Zusammengestellt aus Agenturmeldungen

1. - 9. Juni 2002

Am 2. Juni reisten derb indische Premier Vajpayee und der pakistanische Militärmachthaber und Präsident Musharraf nach Almaty (Kasachstan), wo am 3. Juni ein Gipfeltreffen von 16 asiatischen Staaten beginnt. Im Vorfeld hatte es Vajpayee abgelehnt, während des Gipfels mit Musharraf zu einem direkten Gespräch zusaammenzukommen. Musharraf dagegen hatte sich dazu bereit erklärt. Beide Regierungschefs betonten aber, dass es auf ihrer Seite keine unkontrollierten Eskalationsmaßnahmen im indisch-pakistanischen Konflikt geben würde. Musharraf: "Ich glaube nicht, dass eines unserer beiden Länder so unverantwortlich ist, dass es an diese Grenzen (den Einsatz von Atomwaffen, d. Red.) verstoßen würde." Und der indische Verteidigungsminister George Fernandes sagte: "Indien hat sich klar zu einem Verzicht auf einen atomaren Erstschlag bekannt."
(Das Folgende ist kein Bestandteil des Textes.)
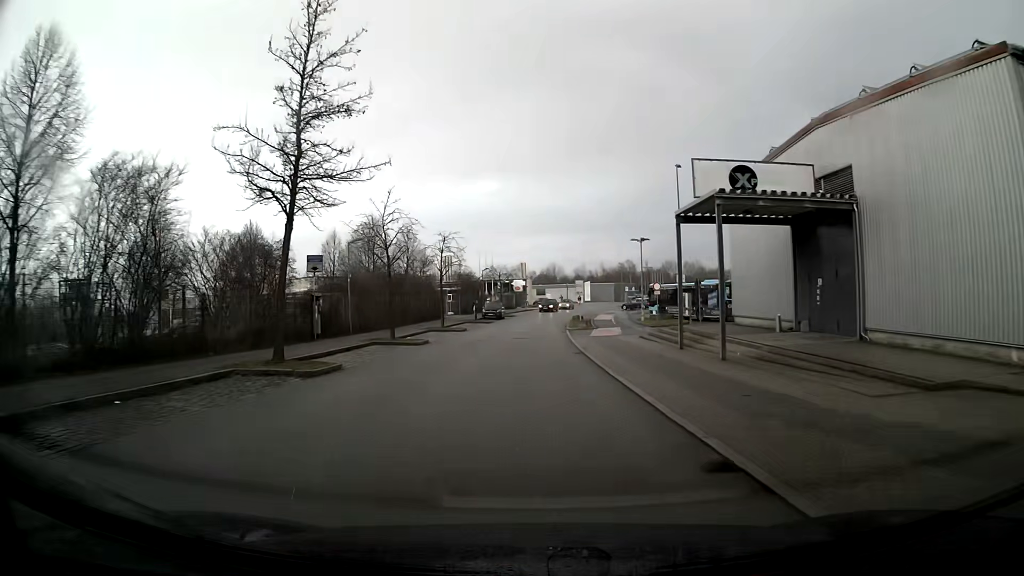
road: residential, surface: asphalt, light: Day
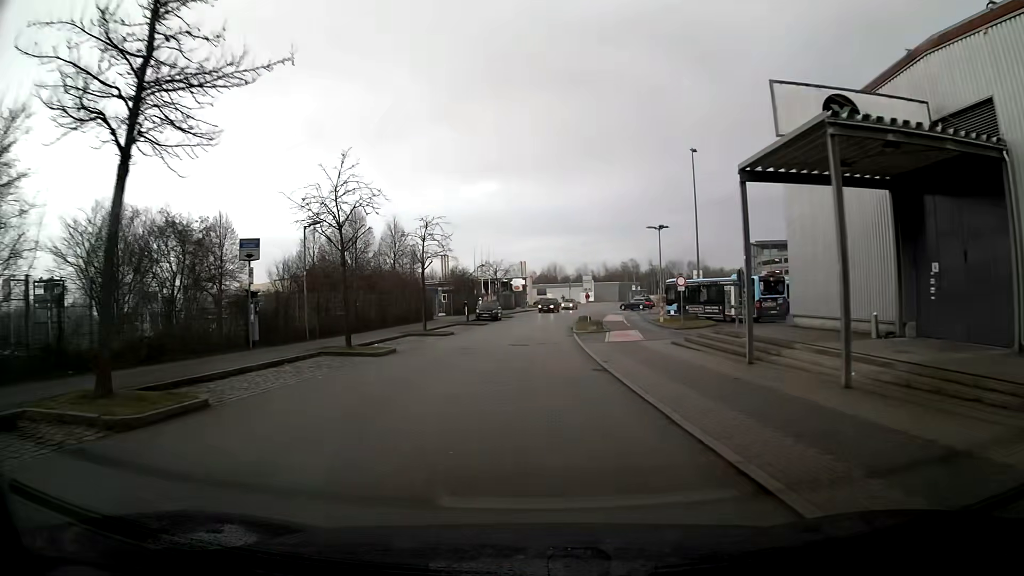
(0.0, +7.4) m; 0°
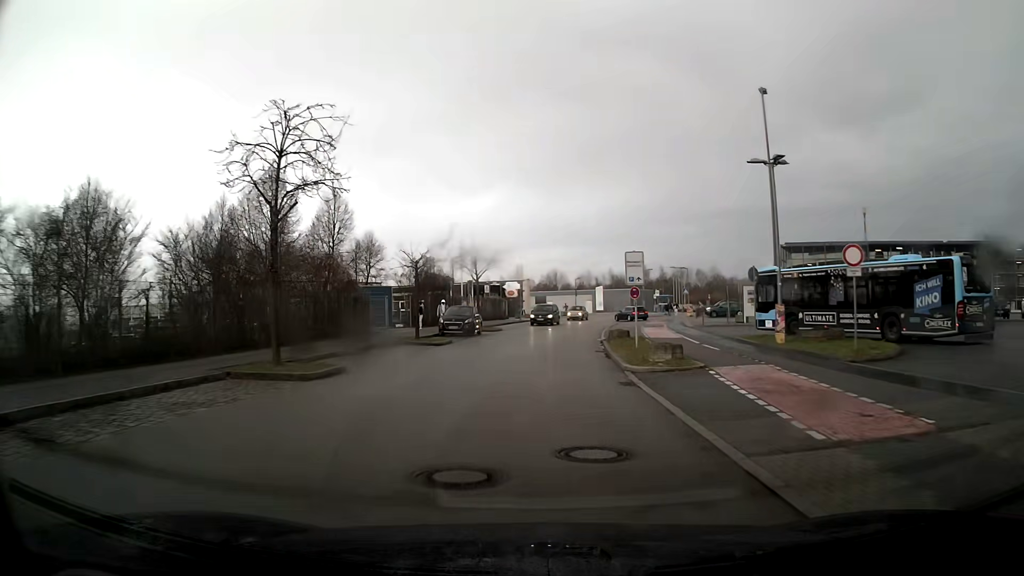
(0.0, +21.5) m; +1°
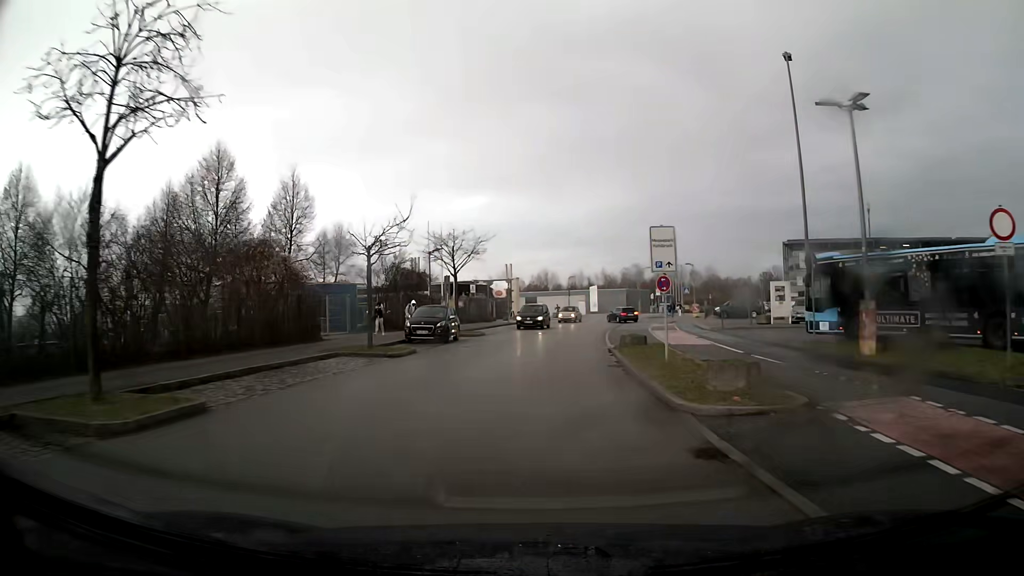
(0.0, +6.9) m; +1°
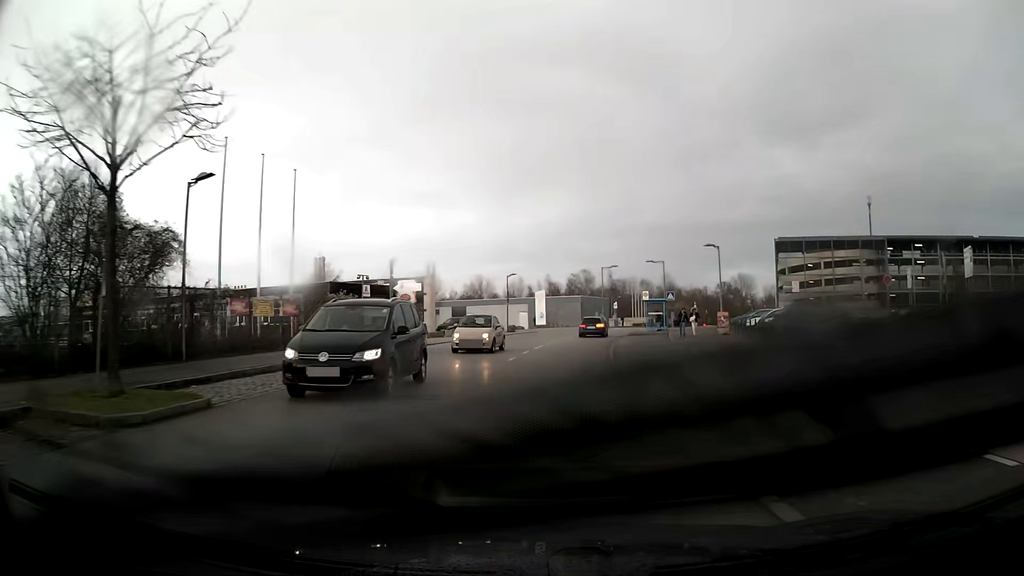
(+1.2, +27.1) m; +5°
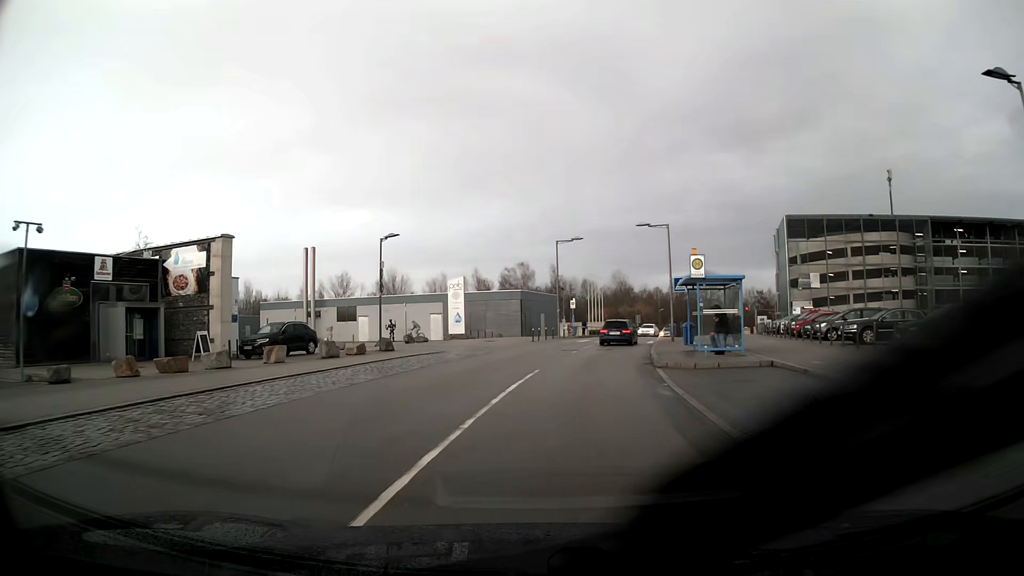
(+1.4, +30.3) m; +6°
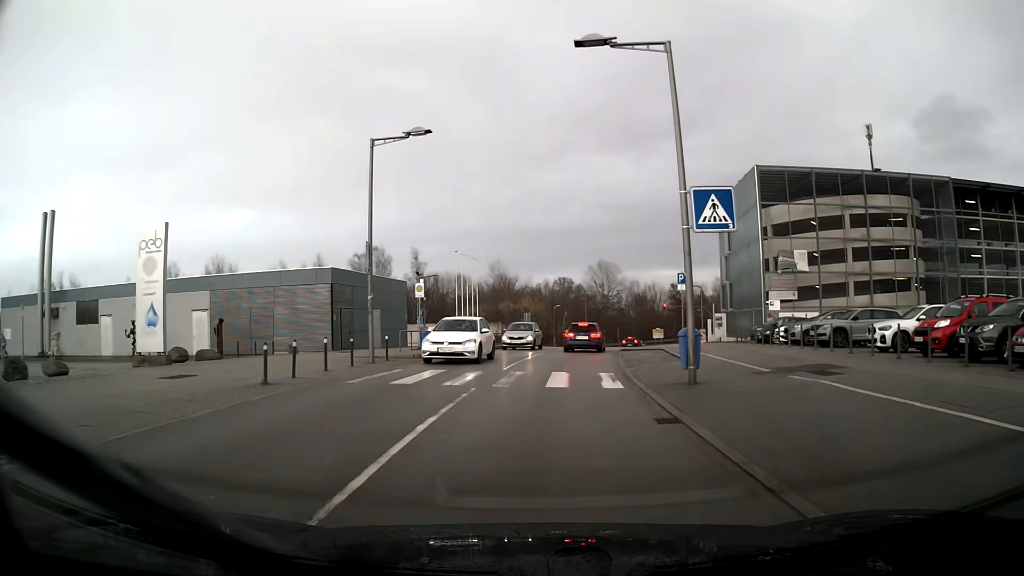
(+2.6, +27.8) m; +10°
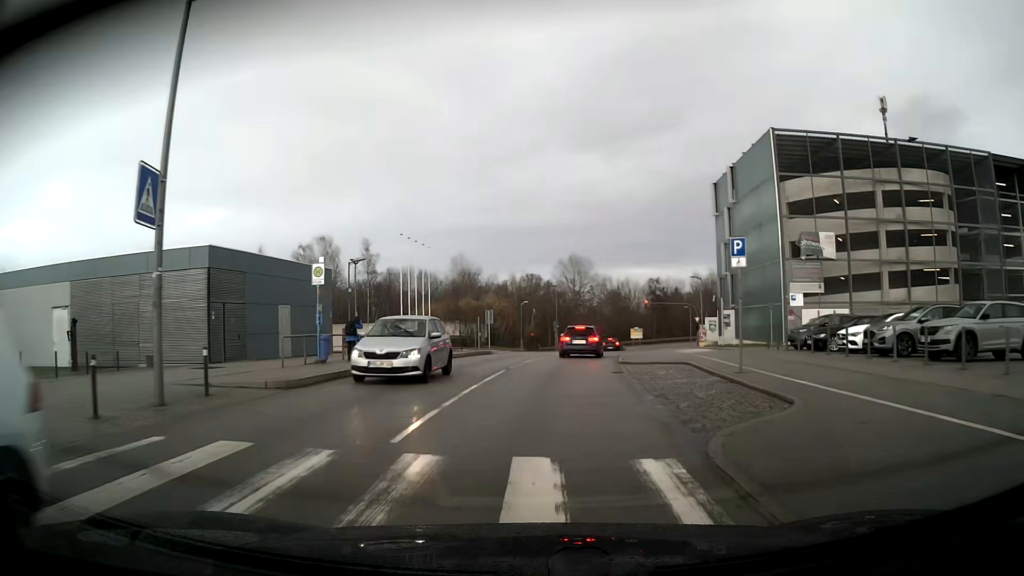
(+0.3, +11.0) m; +3°
(0, +10) (+1, +20) (+2, +30) (+3, +40) (+6, +49) (+9, +59) (+11, +69) (+13, +79) (+16, +88) (+25, +92) m
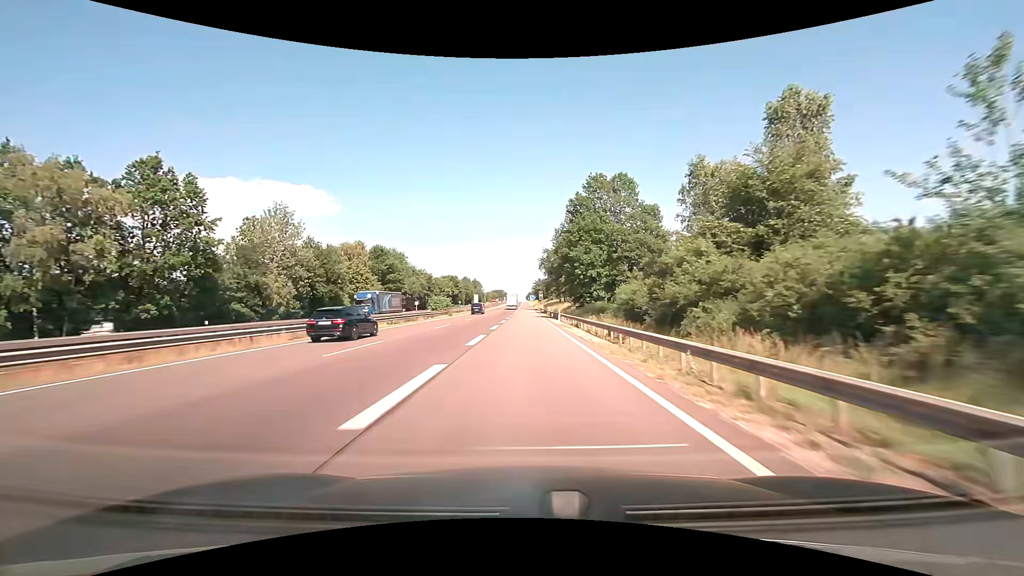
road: motorway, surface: asphalt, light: Day
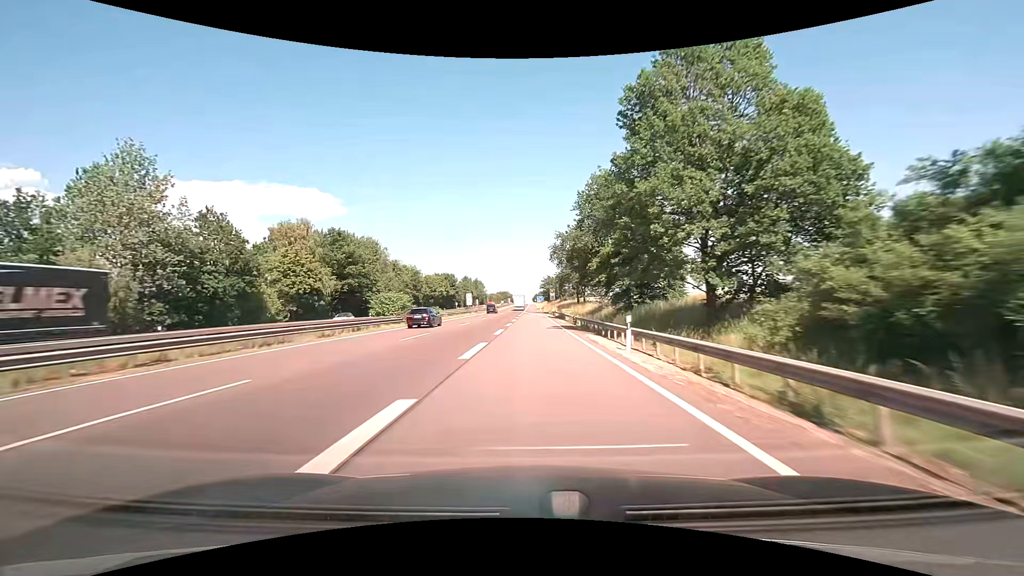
(-0.2, +28.5) m; -1°
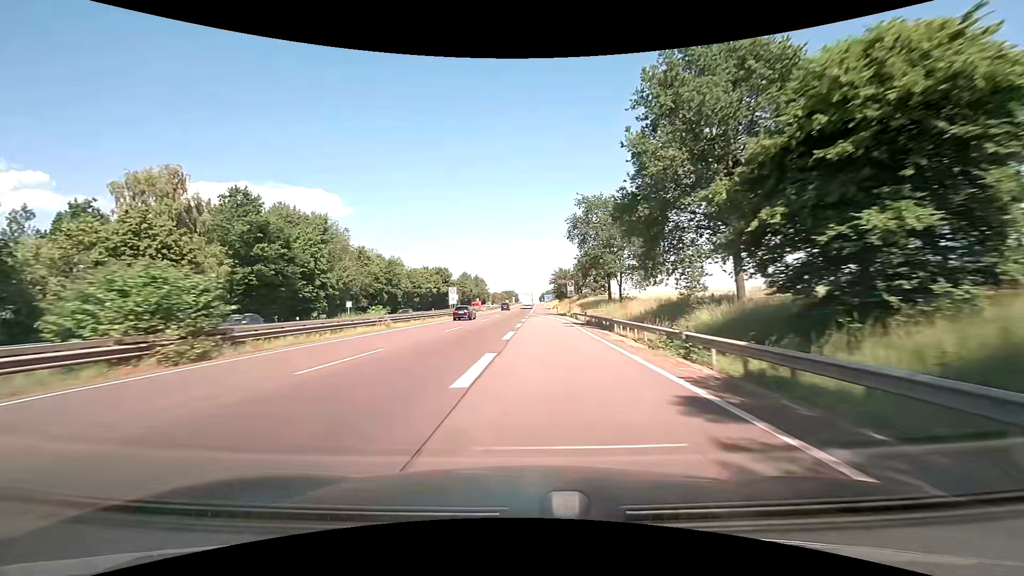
(-0.2, +29.1) m; -1°
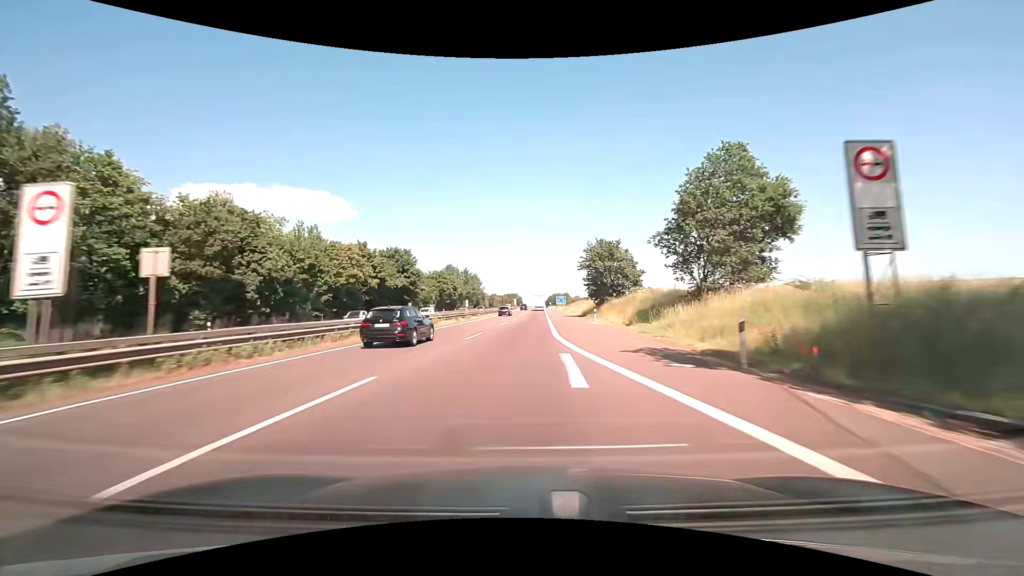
(-0.4, +60.6) m; -1°
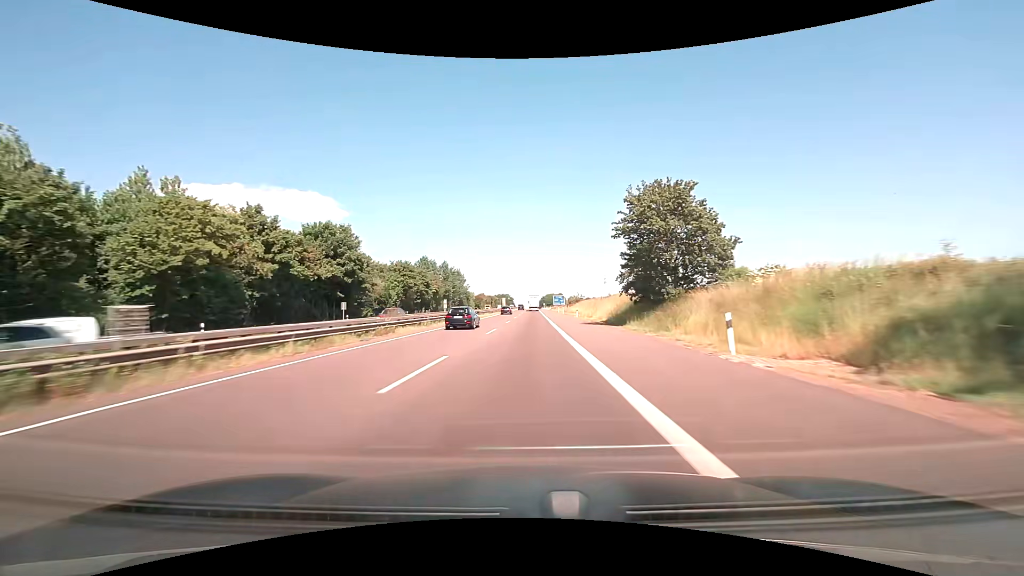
(+0.3, +31.3) m; +1°
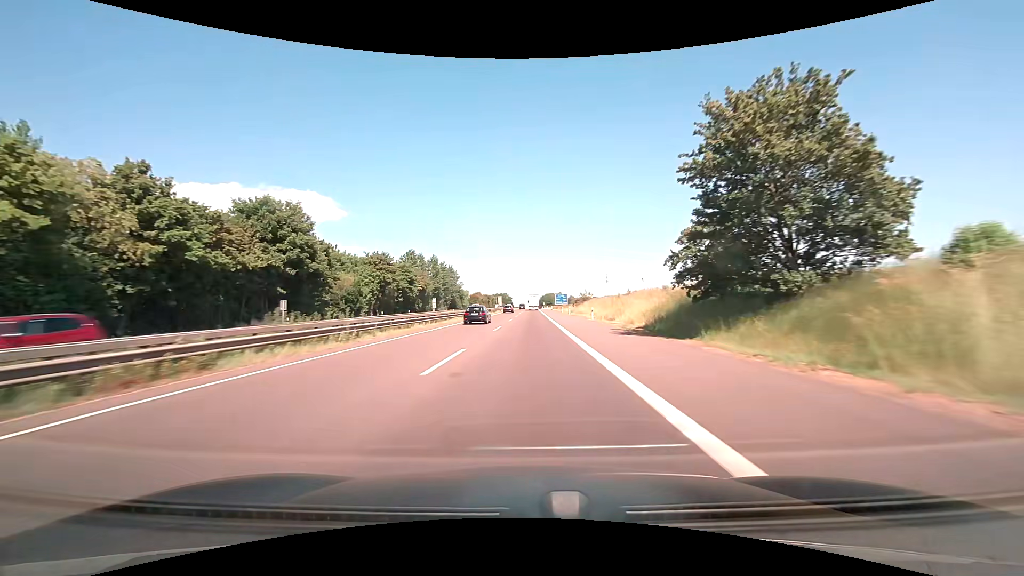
(0.0, +15.9) m; 0°

Auch am Wochenende (1./2. Juni) kam es zu Gefechten an der Waffenstillstandslinie in Kaschmir. Dabei wurde eine Frau getötet. Acht Menschen sind bei einem Angriff mit Werfergranaten von pakistanischen Soldaten verletzt worden. Bei einem Anschlag in der Nähe von Srinagar starb ein Zivilist, sieben Menschen wurden verletzt. Die indische Polizei vermutet Moslem-Separatisten hinter dem Anschlag.

Nach Informationen aus kaschmirischen Separatistenkreisen ist auf Anweisung der pakistanischen Regierung das Einschleusen von Extremisten über die Waffenstillstandslinie in den indischen Teil Kaschmirs gestoppt worden.
Nach den USA, Großbritannien, Frankreich und Deutschland hat nun auch die UNO begonnen, ihre Mitarbeiter aus Pakistan und Indien zurückzuholen.

Neben Russland bemüht sich auch China um das Zustandekommen eines dirketen Gesprächs zwischen Musharraf und Vajpayee in Almaty (Kasachstan). Am 3. Juni appellierte auch UN-Generalsekretär Kofi Annan an Indien und Pakistan, durch einen direkten Meinungsaustausch die Atomkriegsgefahr zu verringern.
Bei Artilleriegefechten an der Grenze in Kaschmit sind am 3. Juni sechs pakistanische Soldaten getötet worden, hieß es in indischen Quellen.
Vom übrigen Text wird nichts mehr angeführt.